Le nationalisme bolivarien se nourri de l’héritage de nos libérateurs. Hugo Chávez adapte au présent des situations vécues par Bolivar, il revendique la permanence de sa pensée et de son œuvre ; tous ses compagnons militaires reconnaissaient dans l’arbre aux trois racines — Bolivar, Zamora et Rodriguez — l’essence du projet de nation à reconstruire. L’opposition aux gouvernements des classes dominantes et à la vente de la patrie à des intérêts étrangers qu’ils avaient réalisée a constitué une source d’inspiration pour reprendre la geste libératrice.

« … la pensée de chacun d’entre nous évolue avec le temps. Dans mon cas, j’ai acquis de l’expérience et j’ai recueilli des idées qui sont le produit de cette dialectique qui se reproduit entre la théorie, les débats, les discussions et la praxis de ce qui est en train de se produire au Venezuela (…) un peu avant les années 1980 nous avons commencé à former au sein de l’armée un courant bolivarien et nationaliste qui ne se posait même pas la question d’une révolution. Au milieu des années 1980 j’ai proposé à mes compagnons militaires d’ajouter la lettre R — pour révolution — au sigle de notre mouvement qui se nommait EB-200 — Ejercito bolivariano 200 (Armée bolivarienne 200) parce que 1983 marquait le bicentenaire de la naissance de Bolivar. Le mouvement est né en 1982, il s’agissait en réalité d’une petite cellule clandestine. Vers 1987, nous avons eu une discussion difficile. Le mouvement avait grandi mais nous étions encore des petits groupes, qui se sont finalement définis comme mouvement bolivarien révolutionnaire. L’objectif que nous poursuivions c’était une révolution, une transformation politique, sociale économique et culturelle inspirée par le point de vue de Bolivar.
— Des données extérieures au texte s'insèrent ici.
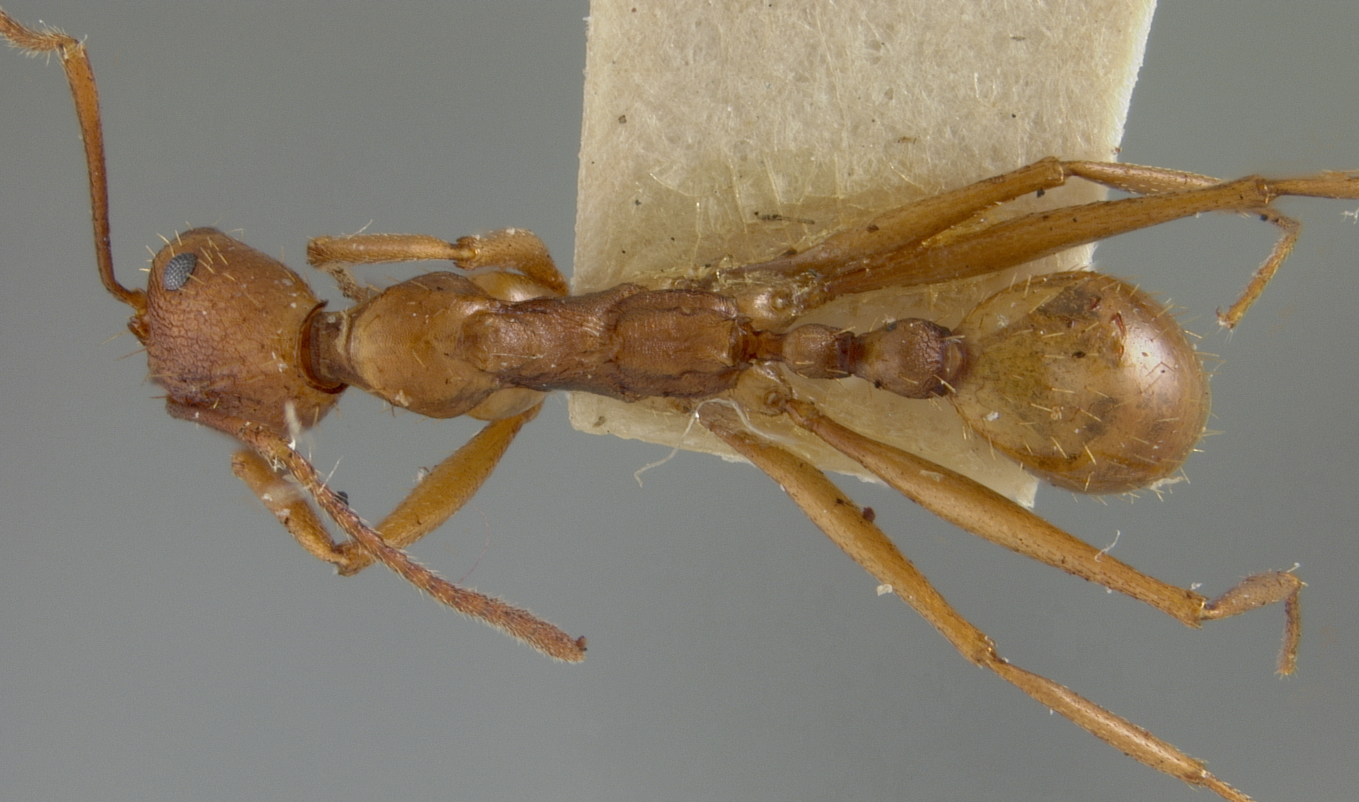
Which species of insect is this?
Aphaenogaster huachucana

Nous avons ainsi dessiné ce que nous avons appelé « l’arbre aux trois racines », qui est notre source idéologique. Il y a la racine Bolivar (son point de vue sur l’égalité, et sa vision géopolitique d’intégration de l’Amérique Latine) ; la racine Zamora (d’Ezequiel Zamora, le général du peuple souverain et de l’unité civile-militaire) et la racine robinsonienne (de Simon Rodriguez, le maître de Bolivar, le Robinson, le savant de l’éducation populaire, la liberté et l’égalité). C’est cet « arbre aux trois racines » qui a donné sa substance idéologique à notre mouvement… » (1)

Le nationalisme bolivarien s’entend à partir de ses présupposés de bien-être national, de préservation de caractères identitaires, d’indépendance dans tous les ordres et d’exaltation de la gloire et de la loyauté envers la nation. Le nationalisme bolivarien n’a jamais fait référence à la tension ethnique, au racisme, à des prétentions de supériorité ou à l’attitude belliqueuse face à d’autres États, il doit être interprété comme le désir du Venezuela de se gouverner de façon souveraine et autonome.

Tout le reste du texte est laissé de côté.